For the word "gradientUnits", work out how many lines in the records below contain it and state that count alone.

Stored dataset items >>
---

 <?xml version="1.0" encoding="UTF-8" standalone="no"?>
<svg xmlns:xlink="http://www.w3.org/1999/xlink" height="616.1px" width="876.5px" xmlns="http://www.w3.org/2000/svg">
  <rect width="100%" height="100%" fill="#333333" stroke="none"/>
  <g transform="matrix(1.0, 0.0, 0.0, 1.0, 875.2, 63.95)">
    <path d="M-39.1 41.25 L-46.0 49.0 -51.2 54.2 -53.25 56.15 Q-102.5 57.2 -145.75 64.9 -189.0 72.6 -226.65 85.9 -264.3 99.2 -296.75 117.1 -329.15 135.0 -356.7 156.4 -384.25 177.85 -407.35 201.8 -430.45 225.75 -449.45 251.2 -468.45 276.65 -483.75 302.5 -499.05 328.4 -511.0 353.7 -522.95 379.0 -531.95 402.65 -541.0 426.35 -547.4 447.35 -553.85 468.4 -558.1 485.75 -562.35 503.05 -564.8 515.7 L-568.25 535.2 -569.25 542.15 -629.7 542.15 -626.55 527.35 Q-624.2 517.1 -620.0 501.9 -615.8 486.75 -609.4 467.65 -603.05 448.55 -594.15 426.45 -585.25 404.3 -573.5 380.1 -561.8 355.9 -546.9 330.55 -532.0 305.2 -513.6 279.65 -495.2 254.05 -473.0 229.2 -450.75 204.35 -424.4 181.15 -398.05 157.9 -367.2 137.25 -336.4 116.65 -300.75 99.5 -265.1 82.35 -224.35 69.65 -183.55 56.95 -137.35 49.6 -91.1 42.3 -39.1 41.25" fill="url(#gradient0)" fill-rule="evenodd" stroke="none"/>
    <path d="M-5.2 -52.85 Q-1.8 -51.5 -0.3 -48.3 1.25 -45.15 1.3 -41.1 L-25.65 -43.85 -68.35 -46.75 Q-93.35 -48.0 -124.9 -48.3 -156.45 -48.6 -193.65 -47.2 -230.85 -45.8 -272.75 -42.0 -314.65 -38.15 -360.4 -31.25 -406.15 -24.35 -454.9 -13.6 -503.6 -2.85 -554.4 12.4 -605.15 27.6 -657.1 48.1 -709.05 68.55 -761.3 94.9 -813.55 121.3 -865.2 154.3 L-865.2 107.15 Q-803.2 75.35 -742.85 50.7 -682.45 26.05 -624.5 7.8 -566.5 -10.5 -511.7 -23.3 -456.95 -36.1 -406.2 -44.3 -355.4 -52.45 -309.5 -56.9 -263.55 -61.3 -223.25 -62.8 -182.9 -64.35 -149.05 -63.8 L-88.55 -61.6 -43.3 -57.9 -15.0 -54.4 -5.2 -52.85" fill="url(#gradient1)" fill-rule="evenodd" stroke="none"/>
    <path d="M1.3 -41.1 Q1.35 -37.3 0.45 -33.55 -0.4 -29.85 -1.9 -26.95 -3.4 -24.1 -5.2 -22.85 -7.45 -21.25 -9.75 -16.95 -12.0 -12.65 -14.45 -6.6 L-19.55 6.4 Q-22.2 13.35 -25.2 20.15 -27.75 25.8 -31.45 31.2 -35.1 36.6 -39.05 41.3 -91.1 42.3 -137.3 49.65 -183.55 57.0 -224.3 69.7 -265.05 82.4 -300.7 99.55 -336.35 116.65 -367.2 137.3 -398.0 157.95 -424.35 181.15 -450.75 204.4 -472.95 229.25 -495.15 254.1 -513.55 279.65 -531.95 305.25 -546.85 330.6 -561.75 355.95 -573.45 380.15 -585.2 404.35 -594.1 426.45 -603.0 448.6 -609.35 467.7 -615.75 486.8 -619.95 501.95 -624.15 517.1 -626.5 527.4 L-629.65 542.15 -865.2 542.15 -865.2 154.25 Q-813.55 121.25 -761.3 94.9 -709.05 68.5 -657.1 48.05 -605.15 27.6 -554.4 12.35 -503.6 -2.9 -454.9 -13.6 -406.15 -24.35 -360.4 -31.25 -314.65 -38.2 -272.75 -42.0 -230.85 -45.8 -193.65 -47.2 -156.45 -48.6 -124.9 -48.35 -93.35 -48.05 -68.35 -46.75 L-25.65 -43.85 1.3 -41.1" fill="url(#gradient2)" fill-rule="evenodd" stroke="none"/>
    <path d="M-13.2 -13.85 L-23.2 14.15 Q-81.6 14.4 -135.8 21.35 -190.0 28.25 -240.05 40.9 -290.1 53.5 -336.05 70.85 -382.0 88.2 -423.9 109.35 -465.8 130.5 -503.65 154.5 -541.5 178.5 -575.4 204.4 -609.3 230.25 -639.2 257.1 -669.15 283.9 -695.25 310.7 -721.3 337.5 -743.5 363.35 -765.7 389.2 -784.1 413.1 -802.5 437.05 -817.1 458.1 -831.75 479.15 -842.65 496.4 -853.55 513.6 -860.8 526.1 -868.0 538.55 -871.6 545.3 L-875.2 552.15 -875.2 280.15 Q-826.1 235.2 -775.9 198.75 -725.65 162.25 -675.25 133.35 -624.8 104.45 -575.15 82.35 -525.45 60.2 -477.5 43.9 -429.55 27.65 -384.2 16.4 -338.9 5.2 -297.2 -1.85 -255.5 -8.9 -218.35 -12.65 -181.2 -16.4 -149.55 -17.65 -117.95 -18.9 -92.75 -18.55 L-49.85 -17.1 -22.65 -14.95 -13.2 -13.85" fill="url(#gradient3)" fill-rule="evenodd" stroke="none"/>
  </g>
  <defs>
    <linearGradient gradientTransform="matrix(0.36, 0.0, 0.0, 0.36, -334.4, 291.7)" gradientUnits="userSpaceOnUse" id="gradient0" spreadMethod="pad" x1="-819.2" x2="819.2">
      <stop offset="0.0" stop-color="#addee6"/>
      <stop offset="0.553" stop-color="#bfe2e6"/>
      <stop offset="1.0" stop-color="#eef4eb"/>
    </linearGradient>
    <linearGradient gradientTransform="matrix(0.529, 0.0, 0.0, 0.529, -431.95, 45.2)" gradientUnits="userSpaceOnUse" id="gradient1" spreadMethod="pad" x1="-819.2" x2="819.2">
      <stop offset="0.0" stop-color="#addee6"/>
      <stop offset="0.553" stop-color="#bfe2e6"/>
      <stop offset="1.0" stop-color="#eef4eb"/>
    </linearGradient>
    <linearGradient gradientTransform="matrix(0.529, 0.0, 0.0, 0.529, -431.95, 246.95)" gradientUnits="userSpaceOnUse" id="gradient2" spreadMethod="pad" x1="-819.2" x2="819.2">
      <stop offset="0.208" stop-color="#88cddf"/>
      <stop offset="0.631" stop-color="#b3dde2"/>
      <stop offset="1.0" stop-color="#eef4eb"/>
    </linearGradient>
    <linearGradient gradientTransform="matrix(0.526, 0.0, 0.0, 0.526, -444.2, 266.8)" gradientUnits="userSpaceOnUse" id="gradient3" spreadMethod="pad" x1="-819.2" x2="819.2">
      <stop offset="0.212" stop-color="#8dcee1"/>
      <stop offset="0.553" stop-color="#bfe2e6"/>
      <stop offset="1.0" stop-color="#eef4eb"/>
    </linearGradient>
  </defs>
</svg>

---

ANSWER >>
4